Nukewatch Quarterly Summer 2021
By Christine Manwiller
Plans are in motion to expand the Waste Isolation Pilot Plant (WIPP) in New Mexico. The underground nuclear waste repository is licensed to store low-level transuranic waste from US nuclear research and testing. This waste, consisting mostly of clothing, tools, rags, debris, and other items contaminated with plutonium and other radioactive elements is stored in areas mined in a salt bed layer about 2,000 feet below the surface. The new expansion would replace space lost due to radioactive contamination during a February 14, 2014 accident. A single drum of nuclear waste burst open, releasing radioactive uranium, plutonium, and americium after organic cat litter was substituted for inorganic, causing an explosion in the drum that had been packed at Los Alamos National Laboratory (LANL). As a result of this accident, 22 workers and approximately 30,000 cubic meters of storage of WIPP’s underground capacity were contaminated. WIPP was closed for three years and the area is still unsafe for workers. The current expansion is only one of many that are planned, which if approved would all together double the number of storage rooms at WIPP.

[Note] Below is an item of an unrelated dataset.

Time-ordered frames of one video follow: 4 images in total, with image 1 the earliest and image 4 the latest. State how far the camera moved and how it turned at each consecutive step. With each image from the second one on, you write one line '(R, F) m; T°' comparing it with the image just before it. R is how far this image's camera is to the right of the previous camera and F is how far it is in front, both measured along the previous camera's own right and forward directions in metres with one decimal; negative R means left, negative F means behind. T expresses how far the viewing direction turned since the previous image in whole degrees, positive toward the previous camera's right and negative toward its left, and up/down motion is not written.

The expansion of WIPP is largely to accommodate the increase in waste scheduled to be produced by LANL. The Biden administration has approved expansion of the US nuclear arsenal. Nuclear trigger production will resume, and LANL will begin producing 30 plutonium cores per year. Besides the nuclear waste that will be produced, questions regarding LANL’s facilities and safety have been raised. Greg Mello with the Los Alamos Study Group expresses his own concerns about the increase in production. “LANL’s facilities are simply too old and inherently unsafe, its location too impractical … LANL could not undertake this mission successfully.” LANL’s 2019 record supports this concern, with multiple shutdowns caused by accidents. Again on February 26, 2021 improper packaging of pyrophoric materials (which spontaneously combust when exposed to air) caused sparks to fly from a waste drum.

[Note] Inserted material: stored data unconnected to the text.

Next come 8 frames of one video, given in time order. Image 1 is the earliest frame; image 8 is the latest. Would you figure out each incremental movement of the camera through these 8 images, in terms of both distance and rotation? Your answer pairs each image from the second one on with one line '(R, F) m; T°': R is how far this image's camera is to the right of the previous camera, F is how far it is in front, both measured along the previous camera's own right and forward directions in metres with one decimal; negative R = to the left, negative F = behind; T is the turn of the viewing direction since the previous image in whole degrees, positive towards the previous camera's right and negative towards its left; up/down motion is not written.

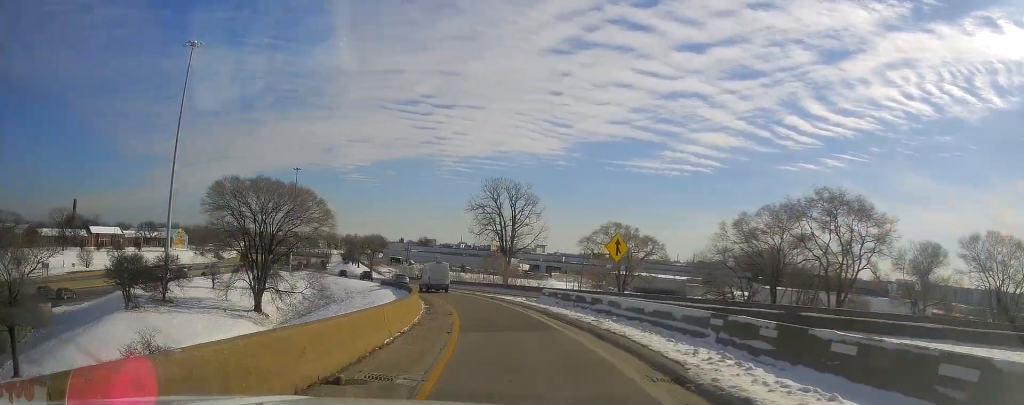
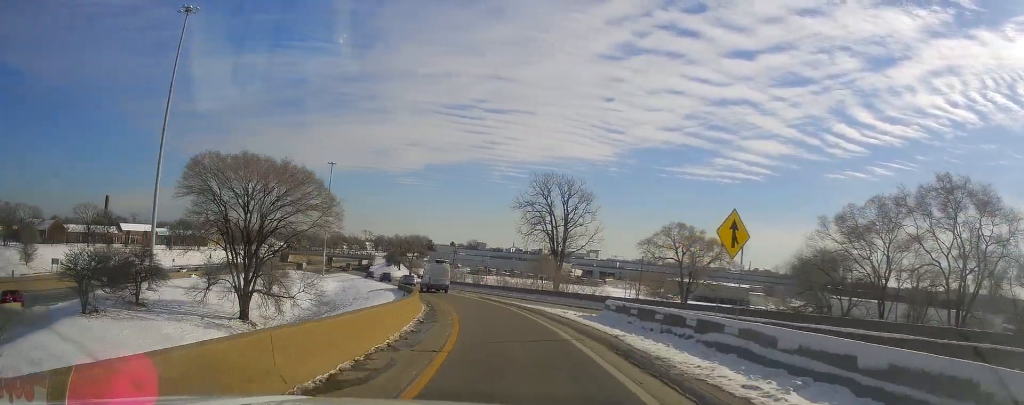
(-1.2, +14.0) m; -7°
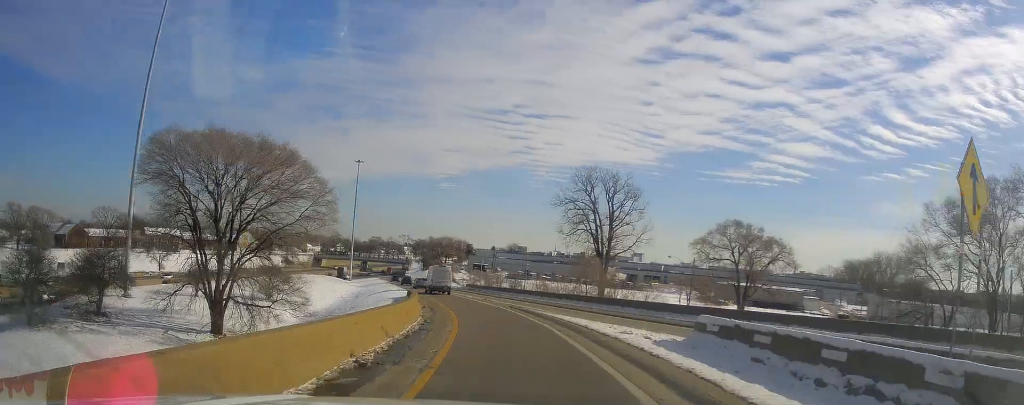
(-0.5, +11.3) m; -6°
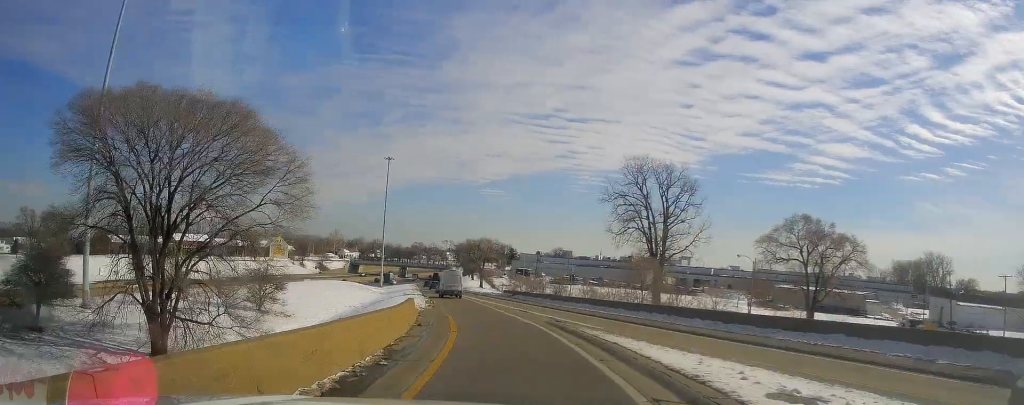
(-0.4, +11.9) m; -6°
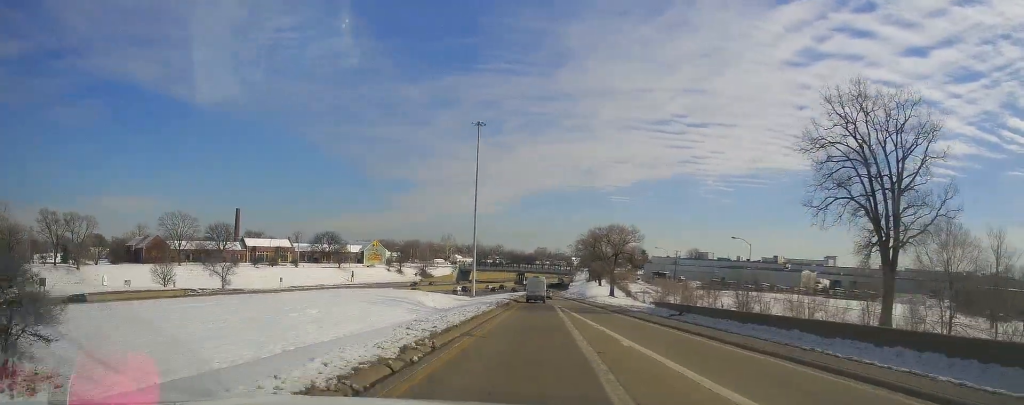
(-4.5, +37.9) m; -10°
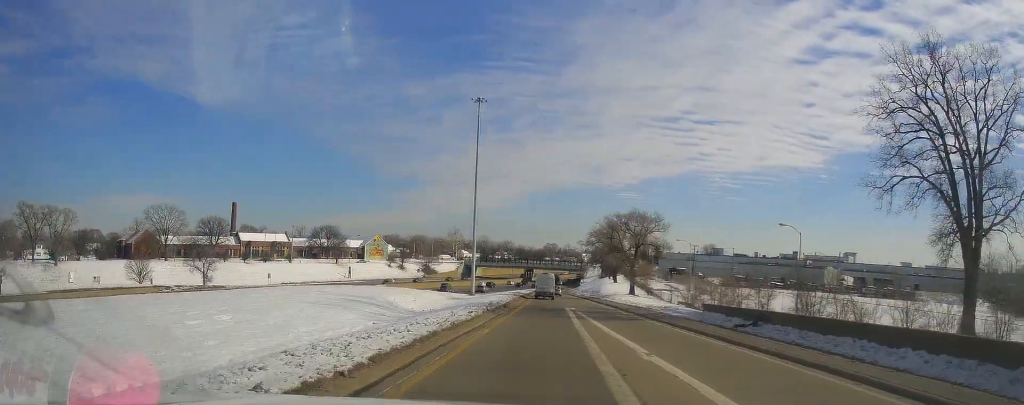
(-0.3, +12.2) m; -1°
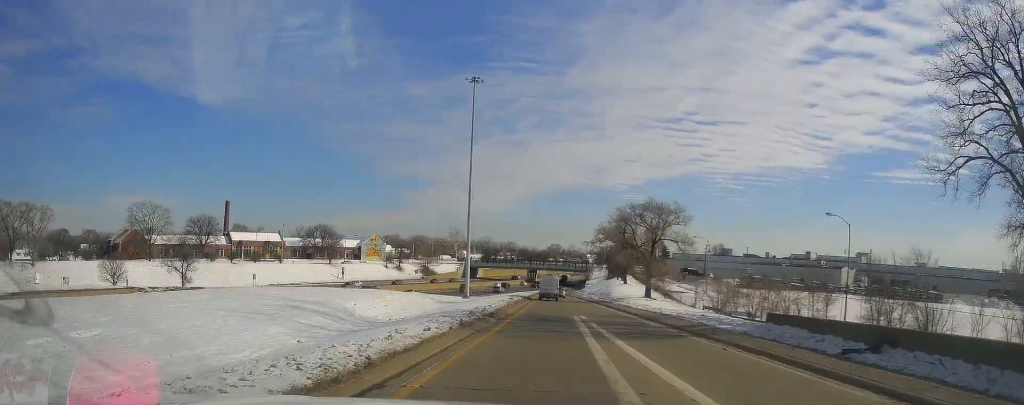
(-0.3, +9.5) m; 0°
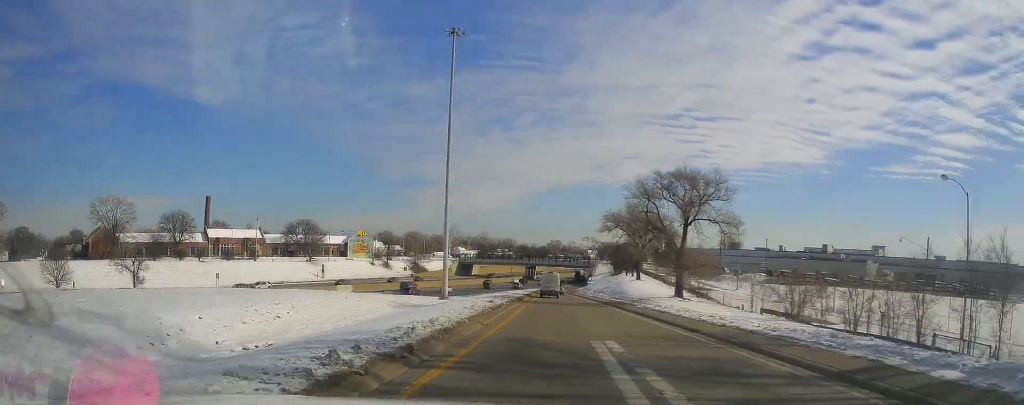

While the primary purpose for the expansion is to replace the space contaminated in the 2014 incident, the underground site’s operation now extends to 2033, nine years past its mandated 2024 closure. According to Don Hancock, of Southwest Research and Information Center, the expansion pushes WIPP “well beyond its historical limit.” Hancock contends that this plan is only part of the larger picture, revealed in a 2020 report from the federal Government Accountability Office “that discussed plans to add up to nine new disposal panels to WIPP.” Hancock argues that WIPP’s repeated “piecemeal” enlargement plans are deliberate, because “laying out the long-term scheme for the public would inevitably result in opposition” to the increased amounts of radioactive waste shipped into and stored in the state.